Each patroller is tasked with skiing several particular trails during openers. The main purpose is to ensure each run is safe to open to the public, a task which includes surveying the snow conditions, making sure bamboo and rope lines are firmly planted in the snow, and checking that pads are still in place on lift towers, trail signs, snow guns, and other obstacles. Opening runs are also when we plant our slow signs.  

The rest of the day then proceeds much you might expect: responding to skier-wrecks, installing or removing bamboo and rope lines, performing speed control, training, and otherwise skiing around. The end of the day approaches at 3 p.m., when Empire Patrol begins its sweeps, closing that portion of the mountain and funneling skiers back toward the Silver Lake and Snow Park lodges.

 Sweeps are staggered across each mountain.
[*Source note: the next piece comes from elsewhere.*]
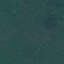
Label: Forest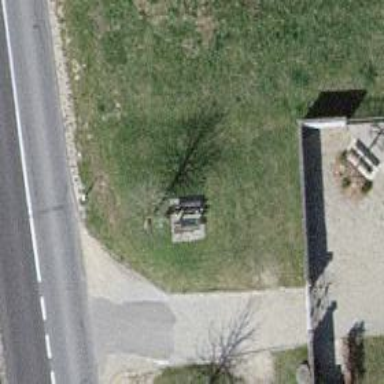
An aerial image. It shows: Bench.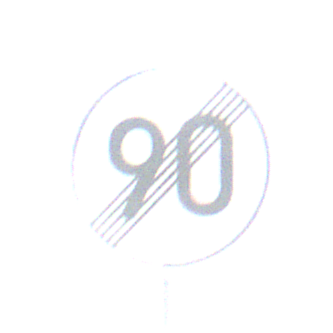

And in addition to ensuring that no guests are left on any runs, we also prepare the trails for Deer Valley’s overnight workers: the snowmakers and snowcat operators. We remove the slow signs we installed that morning and pull back rope lines to allow the snowcats to groom the trails. If all goes according to plan, we’re off the slopes by 5:15 p.m., just as the cats are rumbling from their garage off Ontario run.

The day flies by. With six mountain peaks as our office, how could it not? Next up: more on responding to skier wrecks, the divide between “wreck” and “project” patrollers, and The Wheel of Misfortune. 

Any questions? Shoot an email to alneuhauser@gmail.com.

5 thoughts on “Behind the Scenes with Ski Patrol

  1. How about adding a former lawyer to your crew! Would love to hear about how to become a member of Ski Patrol.

  2. Being a Ski Patrol “Shadow” when i worked at DV back in the late 90s was a truly enlightening experience for me and one I have thought about often. You all do an amazing job, all the best to you and keep up the tremendous job you do!!!

  3. I was recently one of the “skier wrecks” that ski patrol had to respond to. I was so impressed by the speed at which the ski patrol lady appeared, and she was very helpful and made sure i got down the mountain OK and knew where to go to see an EMT. So thank you, to all of you, for the job that you do. Throughout my stay at Deer Valley i really felt that the employees truly cared about their jobs and every one i met was so upbeat…..even though i have many years to go I am already planning my retirement at Deer Valley!!!!

  4. Hey ski patrol, I am glad to hear that you all are actually real people, not that I ever doubted it. I enjoyed reading this post and I am looking forward to more posts about the patrollers. Thank you Deer Valley!